:: Problem to work on ::
The records that follow are to be transcribed in full, without their images.

:: Supplied records ::
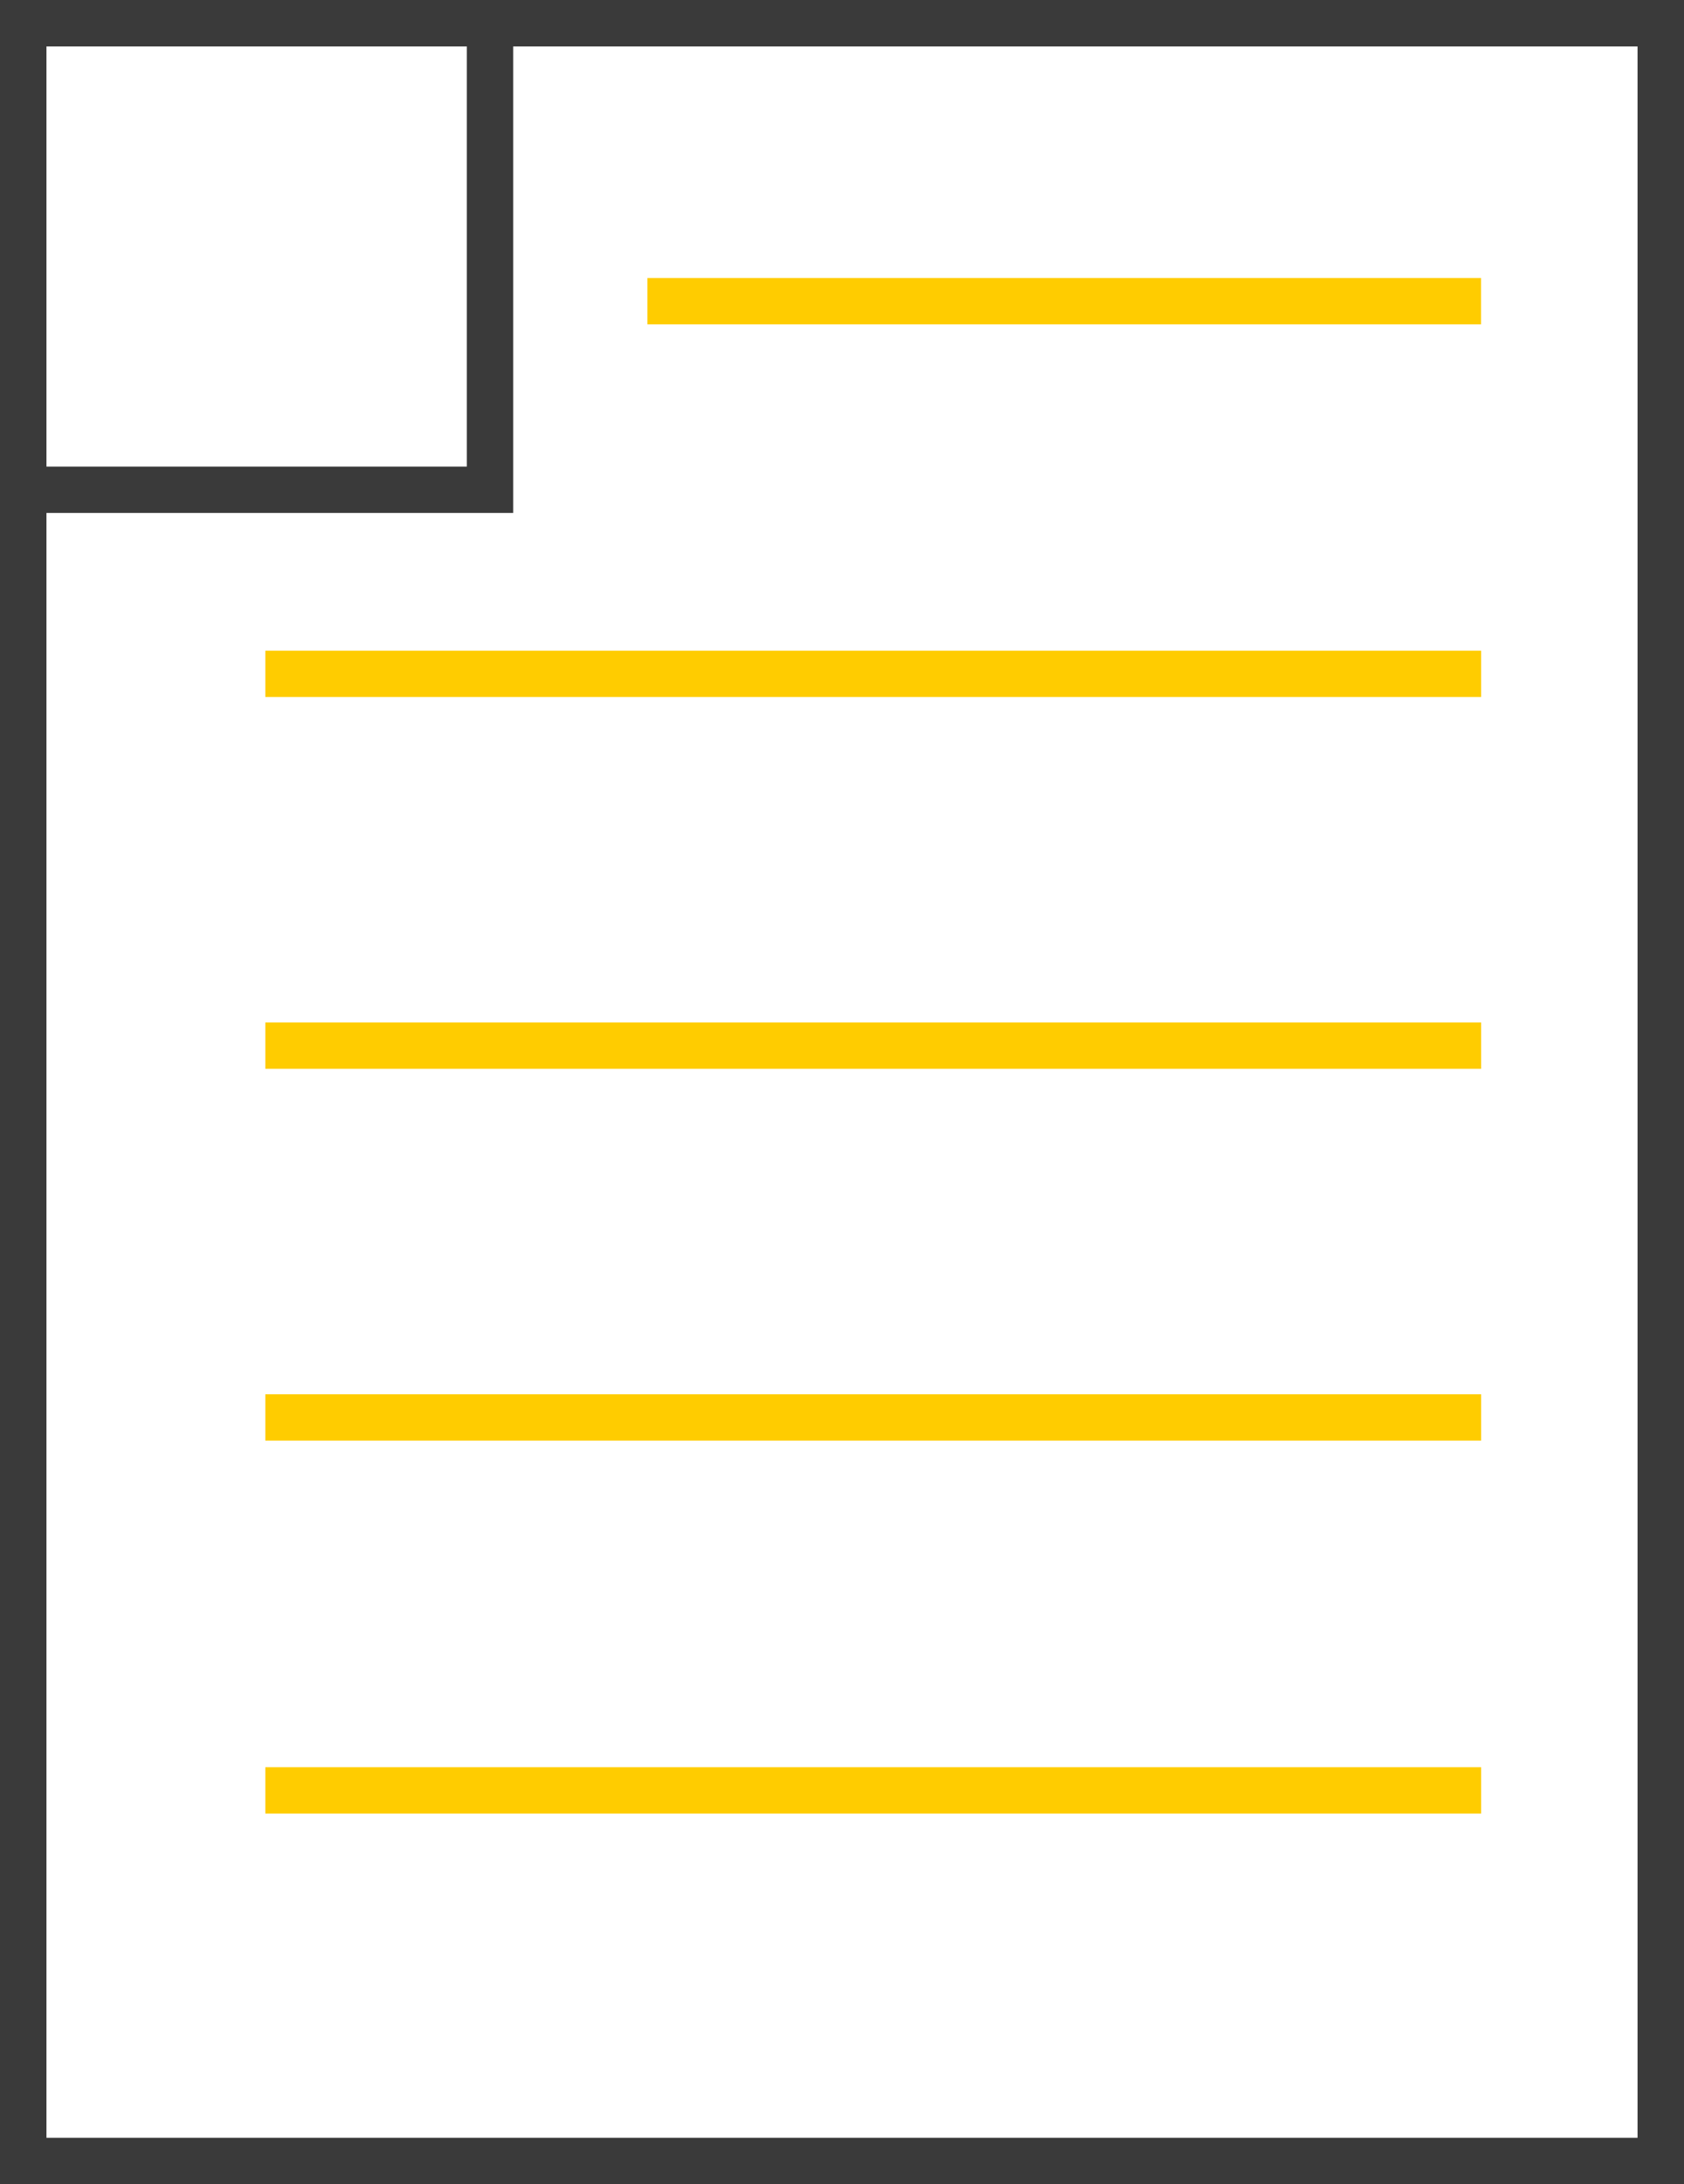 <svg id="noun_Paper_2062922" xmlns="http://www.w3.org/2000/svg" width="64.745" height="83.945" viewBox="0 0 64.745 83.945">
  <path id="Path_415" data-name="Path 415" d="M78.625,92.445H13.88V8.5H78.625Zm-1.786-1.786H15.666V10.286H76.839Z" transform="translate(-13.88 -8.5)" fill="#3a3a3a" fill-rule="evenodd"/>
  <path id="Path_416" data-name="Path 416" d="M28.64,16.281h-.89V14.5H59.8v1.781H28.64Z" transform="translate(-2.858 -3.816)" fill="#fc0"/>
  <path id="Path_417" data-name="Path 417" d="M20.39,24.281H19.5V22.5H66.244v1.781H20.39Z" transform="translate(-9.299 2.507)" fill="#fc0"/>
  <path id="Path_418" data-name="Path 418" d="M20.39,32.281H19.5V30.5H66.244v1.781H20.39Z" transform="translate(-9.299 8.796)" fill="#fc0"/>
  <path id="Path_419" data-name="Path 419" d="M20.39,40.281H19.5V38.5H66.244v1.781H20.39Z" transform="translate(-9.299 15.085)" fill="#fc0"/>
  <path id="Path_420" data-name="Path 420" d="M20.39,48.281H19.5V46.5H66.244v1.781H20.39Z" transform="translate(-9.299 21.418)" fill="#fc0"/>
  <g id="Group_78" data-name="Group 78" transform="translate(0.142 0.125)">
    <path id="Path_421" data-name="Path 421" d="M31.767,9.46V8.57h1.781V28.158H13.96V26.377H31.767Z" transform="translate(-13.96 -8.57)" fill="#3a3a3a"/>
  </g>
</svg>

:: Response to the exercise ::
 <svg id="noun_Paper_2062922" xmlns="http://www.w3.org/2000/svg" width="64.745" height="83.945" viewBox="0 0 64.745 83.945">
  <path id="Path_415" data-name="Path 415" d="M78.625,92.445H13.88V8.5H78.625Zm-1.786-1.786H15.666V10.286H76.839Z" transform="translate(-13.88 -8.5)" fill="#3a3a3a" fill-rule="evenodd"/>
  <path id="Path_416" data-name="Path 416" d="M28.64,16.281h-.89V14.5H59.8v1.781H28.64Z" transform="translate(-2.858 -3.816)" fill="#fc0"/>
  <path id="Path_417" data-name="Path 417" d="M20.39,24.281H19.5V22.5H66.244v1.781H20.39Z" transform="translate(-9.299 2.507)" fill="#fc0"/>
  <path id="Path_418" data-name="Path 418" d="M20.39,32.281H19.5V30.5H66.244v1.781H20.39Z" transform="translate(-9.299 8.796)" fill="#fc0"/>
  <path id="Path_419" data-name="Path 419" d="M20.39,40.281H19.5V38.5H66.244v1.781H20.39Z" transform="translate(-9.299 15.085)" fill="#fc0"/>
  <path id="Path_420" data-name="Path 420" d="M20.39,48.281H19.5V46.5H66.244v1.781H20.39Z" transform="translate(-9.299 21.418)" fill="#fc0"/>
  <g id="Group_78" data-name="Group 78" transform="translate(0.142 0.125)">
    <path id="Path_421" data-name="Path 421" d="M31.767,9.46V8.57h1.781V28.158H13.96V26.377H31.767Z" transform="translate(-13.96 -8.57)" fill="#3a3a3a"/>
  </g>
</svg>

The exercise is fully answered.